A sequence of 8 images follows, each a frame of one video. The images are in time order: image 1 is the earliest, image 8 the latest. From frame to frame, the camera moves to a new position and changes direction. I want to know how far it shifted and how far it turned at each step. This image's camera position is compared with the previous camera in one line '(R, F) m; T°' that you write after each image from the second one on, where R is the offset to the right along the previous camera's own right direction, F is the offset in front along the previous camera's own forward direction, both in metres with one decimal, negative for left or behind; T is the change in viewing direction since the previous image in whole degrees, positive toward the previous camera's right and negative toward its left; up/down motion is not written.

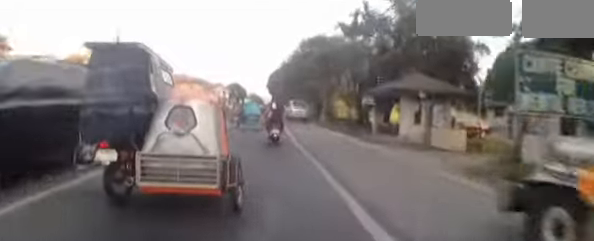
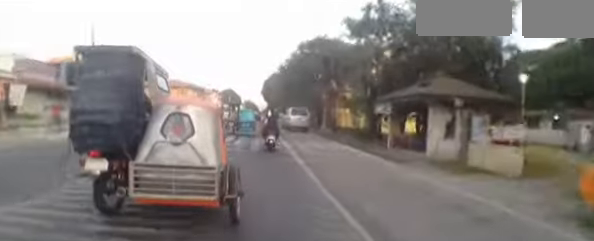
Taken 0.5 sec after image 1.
(-0.5, +3.2) m; +1°
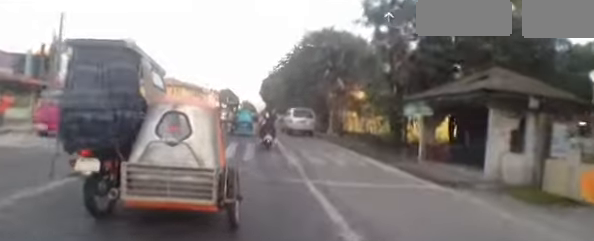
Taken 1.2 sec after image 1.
(+0.4, +4.0) m; +5°
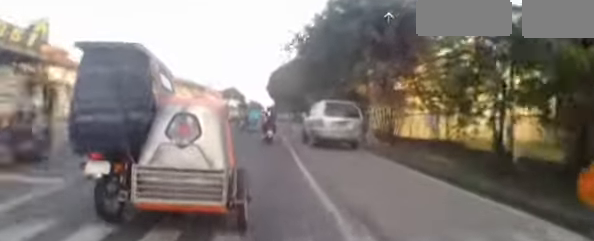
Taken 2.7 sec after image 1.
(+0.6, +9.4) m; -1°
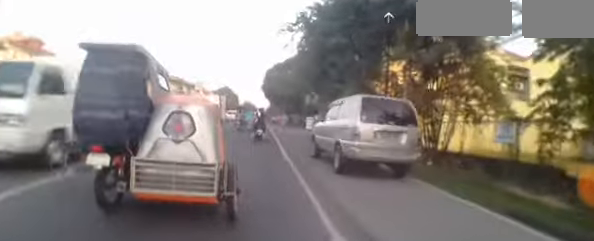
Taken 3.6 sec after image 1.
(-0.5, +5.9) m; +4°
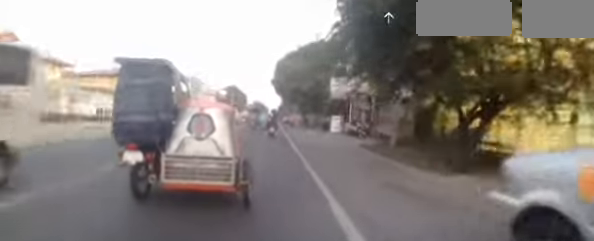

> [Instructions for the task]
Please give an exact printout of all the records, pictures aside.

> [Answer box]
A sequence of 8 images follows, each a frame of one video. The images are in time order: image 1 is the earliest, image 8 the latest. From frame to frame, the camera moves to a new position and changes direction. I want to know how far it shifted and how far it turned at each step. This image's camera position is compared with the previous camera in one line '(R, F) m; T°' that you write after each image from the second one on, where R is the offset to the right along the previous camera's own right direction, F is the offset in front along the previous camera's own forward direction, both in metres with one decimal, negative for left or behind; T is the change in viewing direction since the previous image in whole degrees, positive toward the previous camera's right and negative toward its left; up/down motion is not written.

Taken 0.5 sec after image 1.
(-0.5, +3.2) m; +1°
Taken 1.2 sec after image 1.
(+0.4, +4.0) m; +5°
Taken 2.7 sec after image 1.
(+0.6, +9.4) m; -1°
Taken 3.6 sec after image 1.
(-0.5, +5.9) m; +4°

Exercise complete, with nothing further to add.